Illuminations, p.43
Illuminations,
p.43
It wasn’t only how much better life was without comics that had startled him, but also how the comics business looked, viewed from outside. How small it was; how cruel and how ridiculous. All the warped personalities the industry either attracted, or else bent and fashioned for itself out of naïve enthusiasts who’d been expecting something else. He couldn’t understand why he’d not bailed out of the business years ago, though in a way he could. Part of the answer was just plain human inertia, and part was the fact that, from the inside, comics people and their weird behaviour could seem almost normal. Insular in their relationships, they tended to surround themselves with others from the same field who’d reflect or possibly surpass their oddness, which allowed them to believe that they were in a regular, acceptable reality. Which often made them a lot odder.
Dan was grateful he’d escaped in time, though he’d admit that even that escape was qualified. Removing himself from the comics field was one thing, stopping thinking about comics was another. Constantly, he’d find his mind alighting on some decomposing gobbet from the mental garbage-tip of trivia that his career had left him with, when that was the last thing he wanted to be thinking of. If, on the news, they talked about the National Guard, then for a moment he would think they meant the character and not the military auxiliary. Somebody mentions gold, and he’d immediately assume that they were talking about Joe. He probably should have anticipated some sort of reaction – thirty-something years in any field would leave you with a lot of baggage, and especially an enterprise almost designed to be obsessional, like comics – but Dan wished he could stop doing it, or at least not in public, where it was embarrassing. For instance, when he’d visited his bank to tell them of his imminent change of address, the guy he’d spoken to had got a name badge on that said ‘A. Bell’. Dan jokingly enquired whether he got a lot of people asking him if he was Thunderman, to which the guy had just looked puzzled and said, ‘What?’
Noticing that the sky was now the precise shade that he privately thought of as ‘Brute blue’, he sighed and figured a complete recovery was no doubt going to take a while. He was reminded of a fact that he’d picked up from Milton Finefinger, whose younger days had been more countercultural than Dan’s. Milton had said that junkies, when they’d kicked their habit – for however long – would often volunteer to be drug counsellors, a socially applauded cover for their real objective, which was to continue their involvement with a drugs world that was all that they could think or talk about. If Dan found himself helping fifty-year-olds over a Vindictives binge, he’d know he was in trouble.

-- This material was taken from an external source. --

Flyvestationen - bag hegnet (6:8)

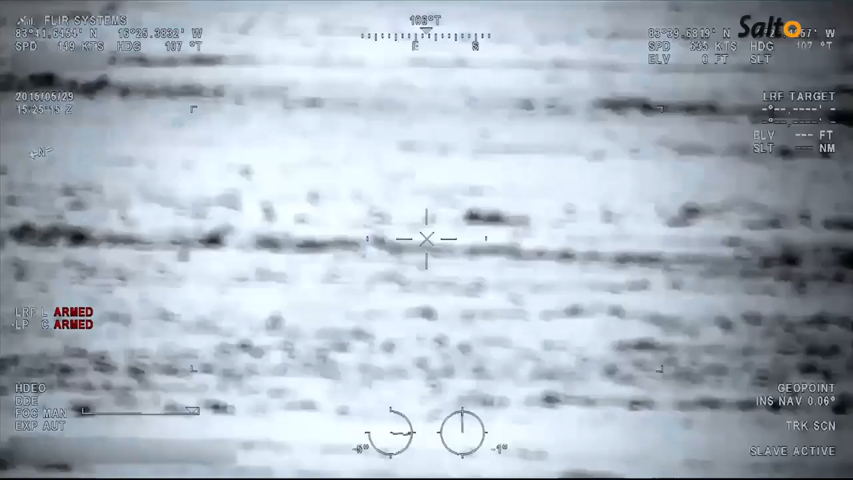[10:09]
Challengeren flyver hver måned over Grønland på fiskeriinspektion. Ja, vi er kommet under skyerne nu, og vi forventer at være ved jer om 2 minutter.
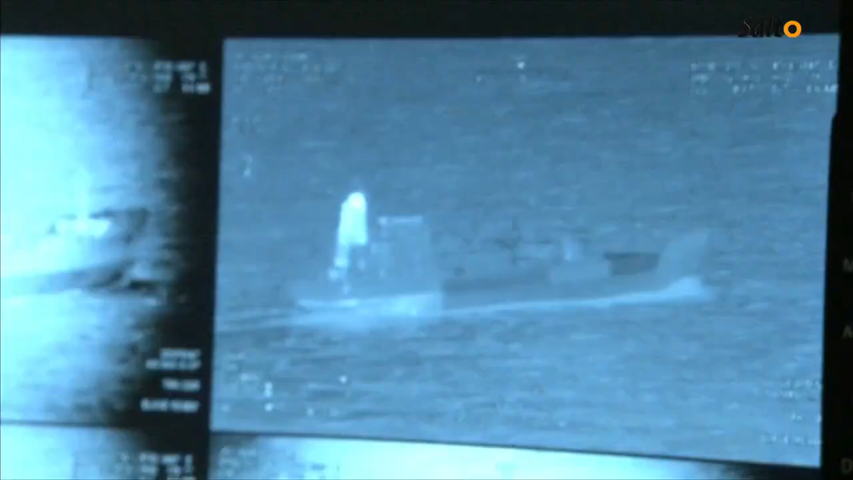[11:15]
Som vi så fra optagelserne ved Middelhavet, skal Challenger nu flyve i lav højde forbi skibet for at få den bedste billeddokumentation af olieudslippet. Det gør vi ofte for at holde os skarpe på, hvordan hver afstand skal der være til skibet,

Judged by the faint migraine shimmer of the ruled horizon, it appeared the day was going to be a hot one. He just hoped he’d not imagined that For Sale board, or had not remembered it on the wrong stretch of road or something dumb like that. His fantasy that he could be a proper literary author, living miles from anywhere and shunning interviews like Salinger or Pynchon, had congealed over this last few months from idle dream to psychological necessity. After the awful spectacle he’d made of himself at Brandon Chuff’s funeral, he’d been observing radio silence and had not contacted anybody in the industry. He’d put his farewell dossier together, with the Thunderman script, Wellworth interview and all the other stuff, and it was published in Collectors’ Fugue without eliciting much in the way of a reaction or response, but the important thing for Dan was that he’d written it. His lip was better and he could speak normally again, since, for some reason, having quit the comics world, he was no longer trying to eat himself alive. He’d burned his bridges, settled his affairs and moved from his New York apartment to a rented room in South Bend while he scouted out a permanent address. Dan was committed, now, to his new life, and there could be no vacillating. Change or die, those were his options.

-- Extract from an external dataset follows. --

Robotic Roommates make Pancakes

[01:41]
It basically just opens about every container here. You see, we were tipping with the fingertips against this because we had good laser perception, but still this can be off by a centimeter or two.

He’d forgotten how much he liked Indiana, especially up north here where Lake Michigan was spitting distance. He could see it now, a glittering beyond the far trees on his right, apparently immobile in the crawling parallax. Dan had grown up in South Bend, back before he’d stupidly attended BeeCon1 in 1969 and given his mom the ambition to move to New York after her sister, Dan’s Aunt Brenda. In a gold glow of nostalgia, he’d originally thought that he might find a place in South Bend, so he could relive his childhood or some idiotic urge like that, but going back there had just demonstrated why that wouldn’t work. South Bend was obviously different now, as was Dan Wheems, and if you added the velocity of change for each of them, that gave the force for the collision of estrangements. South Bend wasn’t run-down, any more than everywhere was run-down, but it was no longer where he’d grown up, and he was no longer who’d grown up there. All the place could be for him was a progressively more disappointing reconstruction, where they were forever getting it all wrong. Much better finding someplace new that was nearby, so that he wouldn’t have to overprint all of those precious memories.

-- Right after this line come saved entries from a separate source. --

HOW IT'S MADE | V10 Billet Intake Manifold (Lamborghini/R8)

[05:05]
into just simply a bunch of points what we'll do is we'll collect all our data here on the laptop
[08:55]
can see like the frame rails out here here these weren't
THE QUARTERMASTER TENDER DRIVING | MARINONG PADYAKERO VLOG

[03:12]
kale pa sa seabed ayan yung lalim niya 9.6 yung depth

That was if ‘someplace new’ really existed and was actually a property that was for sale, rather than an abandoned filling station that he’d misinterpreted as it blurred past. This last was the conclusion that he was reluctantly approaching, being fairly sure he should have come across the place by now. Hell, if he went much further, he’d be in Chicago. Before Dan could stop himself, a comic book brain that was in withdrawal had reminded him that Banner Comics had been published in Chicago, and begun to list the outfit’s questionable highlights. He felt angry – at his inability to stop converting everything into a comics reference, at his driving all the way out here to find a dream home that he only thought he saw, at this whole ‘new life’ nonsense. He was just about to turn around and drive dejectedly back to South Bend when, right out of nowhere, there it was ahead of him.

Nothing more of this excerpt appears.